EDITORIAL: A better idea: New tick control plan promises more humane, effective option

Rio Grande Valley residents generally appreciate this special place in the world, where residents can see everything from migrating birds and butterflies to unique and even rare creatures such as endangered ocelots, jaguarundi and sea turtles.

It even has inspired a valuable contributor to our local economy — ecotourism, visitors who come to the area specifically to enjoy the flora and fauna that make the Valley so special.

So many have cringed at past parasite eradication efforts that seem inefficient and even harmful.

Fortunately, a new pest-control strategy promises to be more humane — if it works. Let’s hope it does, and proves even more effective than current methods have been.

South Texas brush harbors many kinds of critters, and not all of them are welcome, or beneficial.

They include a type of Mexican tick that could wreak havoc on Texas’ multi-billion dollar cattle industry.

Texas is by far America’s largest beef producer, with nearly twice as many head as the second-ranked state, Nebraska.

The cattle tick carries a fatal disease called babesiosis, which destroys the animals’ red blood cells.

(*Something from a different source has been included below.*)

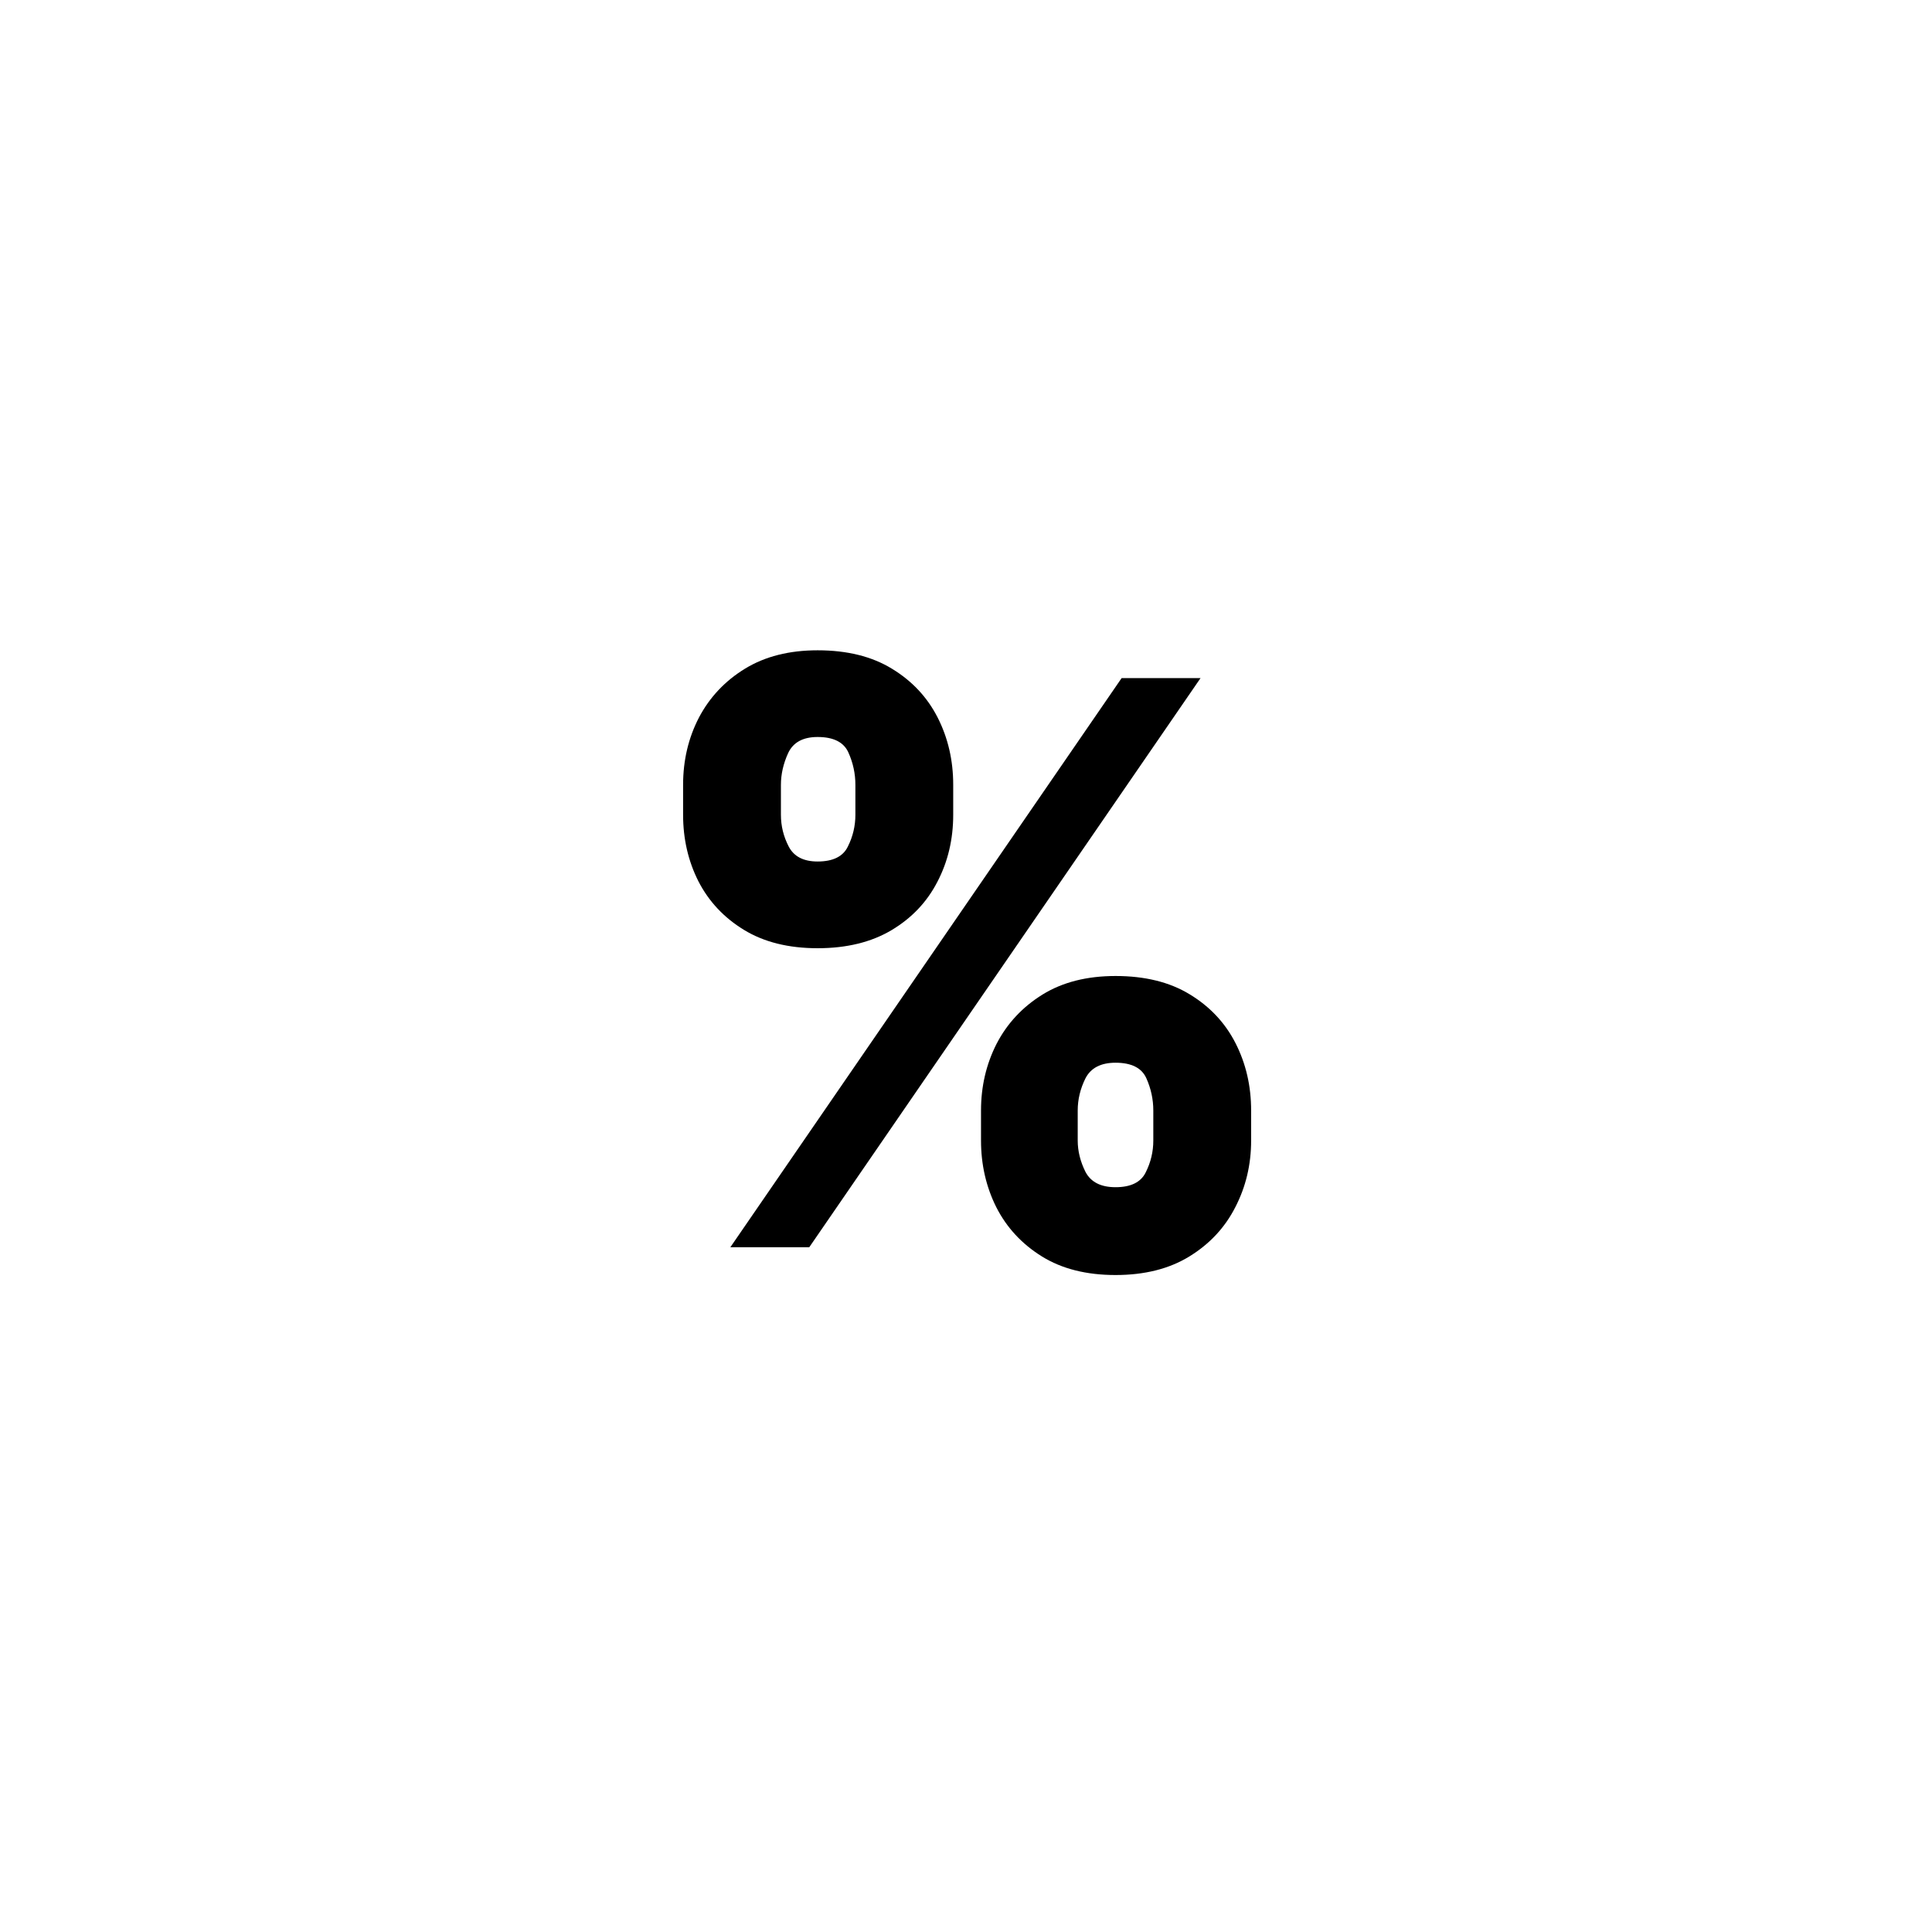 <?xml version="1.0" encoding="UTF-8"?> <svg xmlns="http://www.w3.org/2000/svg" width="79" height="79" viewBox="0 0 79 79" fill="none"> <rect width="79" height="79" fill="white"></rect> <path d="M40.114 46.636V45.409C40.114 44.424 40.326 43.515 40.75 42.682C41.182 41.848 41.807 41.178 42.625 40.67C43.443 40.163 44.44 39.909 45.614 39.909C46.818 39.909 47.83 40.159 48.648 40.659C49.474 41.159 50.099 41.826 50.523 42.659C50.947 43.492 51.159 44.409 51.159 45.409V46.636C51.159 47.621 50.943 48.53 50.511 49.364C50.087 50.197 49.462 50.867 48.636 51.375C47.811 51.883 46.803 52.136 45.614 52.136C44.424 52.136 43.42 51.883 42.602 51.375C41.784 50.867 41.163 50.197 40.739 49.364C40.322 48.53 40.114 47.621 40.114 46.636ZM44.068 45.409V46.636C44.068 47.068 44.174 47.496 44.386 47.92C44.606 48.337 45.015 48.545 45.614 48.545C46.242 48.545 46.655 48.341 46.852 47.932C47.057 47.523 47.159 47.091 47.159 46.636V45.409C47.159 44.955 47.065 44.515 46.875 44.091C46.686 43.667 46.265 43.455 45.614 43.455C45.015 43.455 44.606 43.667 44.386 44.091C44.174 44.515 44.068 44.955 44.068 45.409ZM27.932 33.318V32.091C27.932 31.091 28.148 30.174 28.58 29.341C29.019 28.508 29.648 27.841 30.466 27.341C31.284 26.841 32.273 26.591 33.432 26.591C34.636 26.591 35.648 26.841 36.466 27.341C37.292 27.841 37.917 28.508 38.341 29.341C38.765 30.174 38.977 31.091 38.977 32.091V33.318C38.977 34.318 38.761 35.231 38.33 36.057C37.905 36.883 37.28 37.542 36.455 38.034C35.629 38.526 34.621 38.773 33.432 38.773C32.242 38.773 31.239 38.523 30.421 38.023C29.602 37.523 28.981 36.86 28.557 36.034C28.14 35.208 27.932 34.303 27.932 33.318ZM31.932 32.091V33.318C31.932 33.773 32.038 34.205 32.25 34.614C32.462 35.023 32.856 35.227 33.432 35.227C34.061 35.227 34.474 35.023 34.67 34.614C34.875 34.205 34.977 33.773 34.977 33.318V32.091C34.977 31.636 34.883 31.197 34.693 30.773C34.504 30.348 34.083 30.136 33.432 30.136C32.833 30.136 32.432 30.356 32.227 30.795C32.03 31.227 31.932 31.659 31.932 32.091ZM29.864 51L45.864 27.727H49.091L33.091 51H29.864Z" fill="black"></path> </svg>

The threat of the disease and the ticks that carry them has prompted the U.S. Department of Agriculture to declare this region a cattle quarantine area.

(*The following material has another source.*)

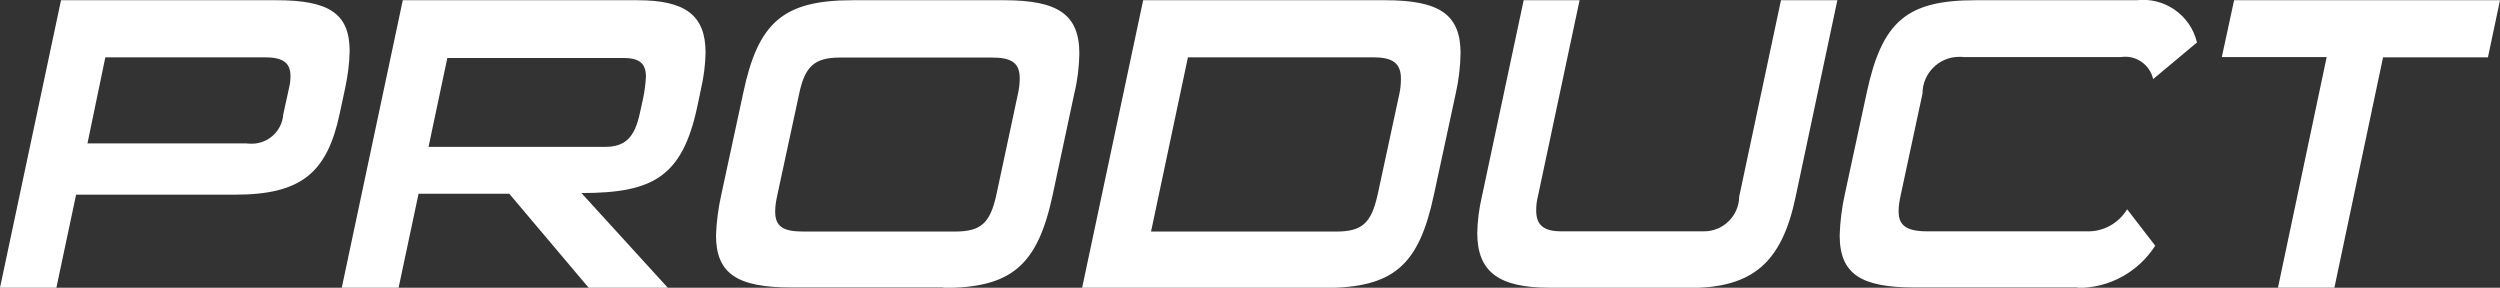 <?xml version="1.0" encoding="UTF-8"?><svg id="_レイヤー_2" xmlns="http://www.w3.org/2000/svg" viewBox="0 0 107.75 12.4"><rect x="0" y="0" width="107.75" height="12.4" fill="#333333" stroke="none"/><defs><style>.cls-1{fill:#fff;fill-rule:evenodd;}</style></defs><g id="_レイヤー_1-2"><path id="btNav01.svg" class="cls-1" d="m10.14,8.39c2.85,0,3.96-.95,4.5-3.49l.24-1.12c.11-.52.18-1.05.19-1.58C15.07.57,14.16.01,11.92.01H2.63L0,12.4h2.43l.85-4.01h6.86Zm2.07-3.47c-.05.76-.71,1.33-1.47,1.27-.04,0-.08,0-.11-.01H3.77l.77-3.71h6.86c.78,0,1.12.22,1.12.81,0,.17-.02.34-.06.5l-.25,1.14Zm16.58,7.49l-3.73-4.09c3.06,0,4.34-.68,4.99-3.71l.16-.76c.12-.52.19-1.05.2-1.58C30.41.65,29.53.01,27.48.01h-10.12l-2.63,12.39h2.45l.86-4.05h3.91l3.42,4.05h3.42Zm-1.21-7.54c-.23,1.08-.65,1.46-1.51,1.46h-7.6l.81-3.83h7.6c.72,0,.96.27.96.81-.02.33-.06.65-.13.97l-.13.59Zm13.07,7.54c2.95,0,4.07-.97,4.72-4.01l.93-4.36c.14-.57.21-1.15.22-1.73C46.52.61,45.58.01,43.28.01h-6.54c-3,0-4.07.97-4.71,4.01l-.94,4.36c-.13.58-.21,1.17-.23,1.76,0,1.67.93,2.25,3.25,2.25h6.54,0Zm2.29-4c-.27,1.22-.67,1.57-1.79,1.57h-6.51c-.87,0-1.23-.2-1.23-.86,0-.24.04-.47.09-.7l.94-4.36c.25-1.22.68-1.58,1.78-1.58h6.52c.85,0,1.21.22,1.21.9,0,.23-.03.46-.08.68l-.93,4.35Zm14.13,4c3,0,4.08-.97,4.73-4.01l.94-4.36c.13-.57.2-1.16.21-1.75C62.95.61,62.02.01,59.7.01h-10.43l-2.63,12.39h10.43Zm2.3-4c-.27,1.22-.68,1.57-1.78,1.57h-7.98l1.59-7.51h7.97c.83,0,1.21.23,1.21.92,0,.22-.02.45-.07.67l-.94,4.36Zm13.45,4c2.75,0,3.98-1.12,4.57-3.92L79.19.01h-2.43l-1.8,8.46c-.01.84-.7,1.51-1.53,1.5-.03,0-.06,0-.09,0h-6.05c-.76,0-1.08-.27-1.08-.9,0-.2.02-.4.07-.59L68.08.01h-2.41l-1.8,8.46c-.12.51-.19,1.04-.2,1.57,0,1.67.92,2.36,3.1,2.36h6.05Zm16.72,0c1.36.01,2.62-.68,3.35-1.82l-1.21-1.57c-.37.61-1.04.98-1.76.95h-6.86c-.94,0-1.23-.29-1.23-.86,0-.24.04-.47.09-.7l.94-4.38c0-.87.71-1.58,1.58-1.58.07,0,.13,0,.2.01h6.77c.64-.1,1.25.32,1.39.95l1.89-1.58c-.28-1.18-1.4-1.96-2.6-1.82h-6.95c-2.97,0-4.03.92-4.69,4.01l-.94,4.36c-.13.58-.2,1.17-.22,1.76,0,1.69.94,2.25,3.23,2.25h7.02,0Zm11.07,0l2.1-9.94h4.52L107.75.01h-11.46l-.53,2.45h4.52l-2.1,9.94h2.43,0Z"/></g></svg>

The ticks aren’t too picky, though, and when cows aren’t around they happily hop onto other animals such as deer and nilgai, an Indian antelope that was brought to Texas as game for hunters.

Past efforts to eradicate the ticks have included killing off large populations of deer and nilgai, hoping they would take the ticks with them.

The USDA and Texas Parks and Wildlife Department have even hired sharpshooters to fire at the animals from helicopters.

A local conservation group called Las Huellas, the Caesar Kleberg Wildlife Research Institute and the USDA, hoping to develop a better tick-control strategy, have installed 150 motion-activated sprayers at six ranches in northeastern Cameron County that will spray tick-killing worms called nematodes onto the antelope.

Researchers will trap the nilgai periodically and check them for ticks, hoping to determine if the spray program works.

If it does, the effort will be expanded to more Valley ranches.

We hope it does. Nematodes are native to South Texas and no insecticides or other poisons are being used, so the program provides little threat to the local ecological system.

And it certainly beats shooting the host animals, a practice that brings to mind the old adage of using an elephant gun to kill flies.

And even though expert marksmen are used in such efforts, the challenge of shooting at running animals from moving helicopters always carries the possibility of injuring the animal without killing it — something that no lover of nature would consider acceptable.

We applaud the researchers who developed the remote animal-spraying program, and the Valley ranchers who agreed to use their property for the pilot program.

If it proves effective, it could prove to be a powerful method of controlling or even eradicating disease-carrying parasites among grazing animals.